Pictures within the data are to be left out; everything else must be reproduced exactly.

§ §

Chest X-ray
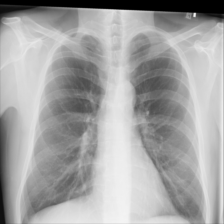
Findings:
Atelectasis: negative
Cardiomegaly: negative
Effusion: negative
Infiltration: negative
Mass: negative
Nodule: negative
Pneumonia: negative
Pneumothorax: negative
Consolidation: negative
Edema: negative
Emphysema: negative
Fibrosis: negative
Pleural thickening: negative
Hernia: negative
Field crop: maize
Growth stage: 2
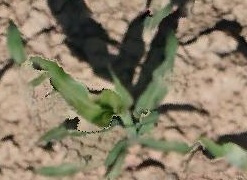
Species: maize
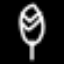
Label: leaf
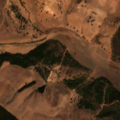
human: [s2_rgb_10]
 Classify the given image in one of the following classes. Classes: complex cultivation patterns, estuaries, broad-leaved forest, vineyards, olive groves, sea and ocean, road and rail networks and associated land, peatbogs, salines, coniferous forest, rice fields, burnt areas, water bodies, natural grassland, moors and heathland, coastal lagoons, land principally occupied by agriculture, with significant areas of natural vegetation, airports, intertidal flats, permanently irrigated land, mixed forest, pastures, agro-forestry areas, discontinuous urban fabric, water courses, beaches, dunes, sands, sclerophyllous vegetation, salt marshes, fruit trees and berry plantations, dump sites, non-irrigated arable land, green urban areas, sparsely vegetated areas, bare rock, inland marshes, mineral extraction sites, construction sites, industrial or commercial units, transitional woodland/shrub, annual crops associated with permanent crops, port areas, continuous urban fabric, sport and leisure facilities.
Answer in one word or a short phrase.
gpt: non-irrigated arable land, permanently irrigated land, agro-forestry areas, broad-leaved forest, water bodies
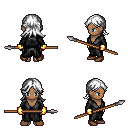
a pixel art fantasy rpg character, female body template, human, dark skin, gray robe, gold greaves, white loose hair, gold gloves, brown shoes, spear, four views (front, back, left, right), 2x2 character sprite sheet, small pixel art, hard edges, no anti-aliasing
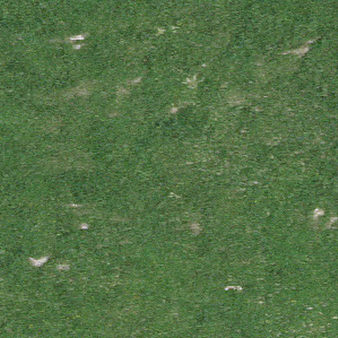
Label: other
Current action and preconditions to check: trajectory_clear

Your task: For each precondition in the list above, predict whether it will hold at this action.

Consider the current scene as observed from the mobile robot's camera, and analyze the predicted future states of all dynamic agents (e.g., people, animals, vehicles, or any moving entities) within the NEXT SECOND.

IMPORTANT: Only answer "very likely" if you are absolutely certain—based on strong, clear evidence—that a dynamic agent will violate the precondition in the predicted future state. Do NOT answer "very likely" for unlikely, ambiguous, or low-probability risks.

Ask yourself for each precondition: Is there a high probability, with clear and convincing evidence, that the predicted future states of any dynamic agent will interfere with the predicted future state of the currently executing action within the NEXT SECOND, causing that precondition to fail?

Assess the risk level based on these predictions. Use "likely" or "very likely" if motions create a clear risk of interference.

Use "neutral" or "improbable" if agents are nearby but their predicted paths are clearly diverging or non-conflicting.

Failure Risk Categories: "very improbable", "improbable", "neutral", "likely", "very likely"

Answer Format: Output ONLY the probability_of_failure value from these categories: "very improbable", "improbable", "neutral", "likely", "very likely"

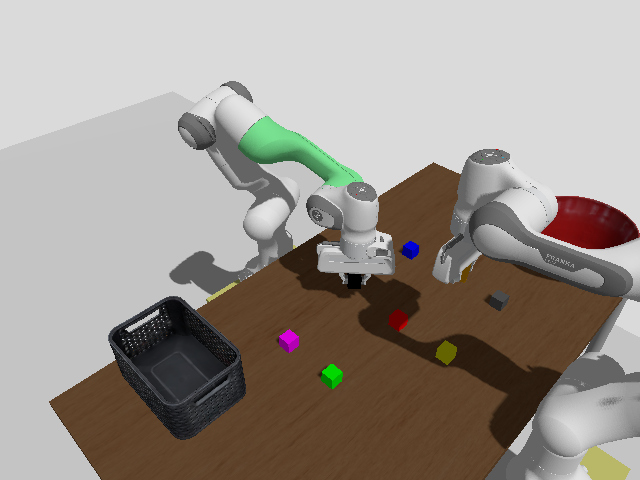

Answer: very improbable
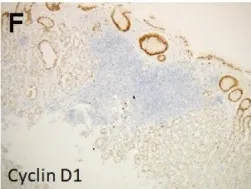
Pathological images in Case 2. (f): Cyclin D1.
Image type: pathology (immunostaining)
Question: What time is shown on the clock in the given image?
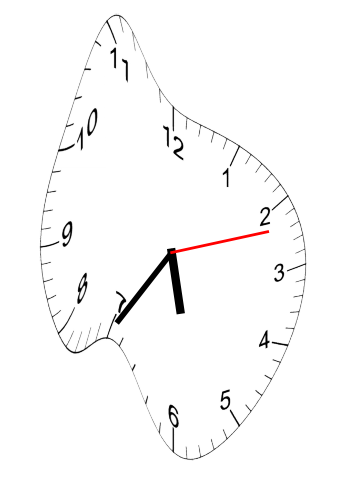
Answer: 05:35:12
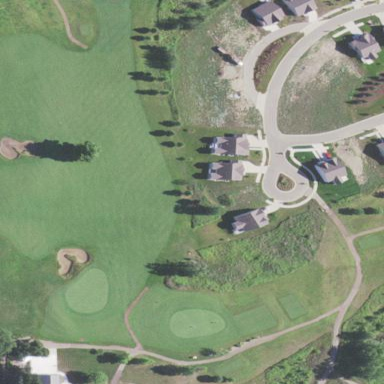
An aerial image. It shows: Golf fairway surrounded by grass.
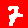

§ §

Solution for this problem.
Chest X-ray
Findings:
Atelectasis: negative
Cardiomegaly: negative
Effusion: negative
Infiltration: negative
Mass: negative
Nodule: negative
Pneumonia: negative
Pneumothorax: negative
Consolidation: negative
Edema: negative
Emphysema: negative
Fibrosis: negative
Pleural thickening: negative
Hernia: negative
Field crop: maize
Growth stage: 2
Species: maize
Label: leaf
human: [s2_rgb_10]
 Classify the given image in one of the following classes. Classes: complex cultivation patterns, estuaries, broad-leaved forest, vineyards, olive groves, sea and ocean, road and rail networks and associated land, peatbogs, salines, coniferous forest, rice fields, burnt areas, water bodies, natural grassland, moors and heathland, coastal lagoons, land principally occupied by agriculture, with significant areas of natural vegetation, airports, intertidal flats, permanently irrigated land, mixed forest, pastures, agro-forestry areas, discontinuous urban fabric, water courses, beaches, dunes, sands, sclerophyllous vegetation, salt marshes, fruit trees and berry plantations, dump sites, non-irrigated arable land, green urban areas, sparsely vegetated areas, bare rock, inland marshes, mineral extraction sites, construction sites, industrial or commercial units, transitional woodland/shrub, annual crops associated with permanent crops, port areas, continuous urban fabric, sport and leisure facilities.
Answer in one word or a short phrase.
gpt: non-irrigated arable land, permanently irrigated land, agro-forestry areas, broad-leaved forest, water bodies
a pixel art fantasy rpg character, female body template, human, dark skin, gray robe, gold greaves, white loose hair, gold gloves, brown shoes, spear, four views (front, back, left, right), 2x2 character sprite sheet, small pixel art, hard edges, no anti-aliasing
Label: other
Current action and preconditions to check: trajectory_clear

Your task: For each precondition in the list above, predict whether it will hold at this action.

Consider the current scene as observed from the mobile robot's camera, and analyze the predicted future states of all dynamic agents (e.g., people, animals, vehicles, or any moving entities) within the NEXT SECOND.

IMPORTANT: Only answer "very likely" if you are absolutely certain—based on strong, clear evidence—that a dynamic agent will violate the precondition in the predicted future state. Do NOT answer "very likely" for unlikely, ambiguous, or low-probability risks.

Ask yourself for each precondition: Is there a high probability, with clear and convincing evidence, that the predicted future states of any dynamic agent will interfere with the predicted future state of the currently executing action within the NEXT SECOND, causing that precondition to fail?

Assess the risk level based on these predictions. Use "likely" or "very likely" if motions create a clear risk of interference.

Use "neutral" or "improbable" if agents are nearby but their predicted paths are clearly diverging or non-conflicting.

Failure Risk Categories: "very improbable", "improbable", "neutral", "likely", "very likely"

Answer Format: Output ONLY the probability_of_failure value from these categories: "very improbable", "improbable", "neutral", "likely", "very likely"


Answer: very improbable
Pathological images in Case 2. (f): Cyclin D1.
Image type: pathology (immunostaining)
Question: What time is shown on the clock in the given image?
Answer: 05:35:12
An aerial image. It shows: Golf fairway surrounded by grass.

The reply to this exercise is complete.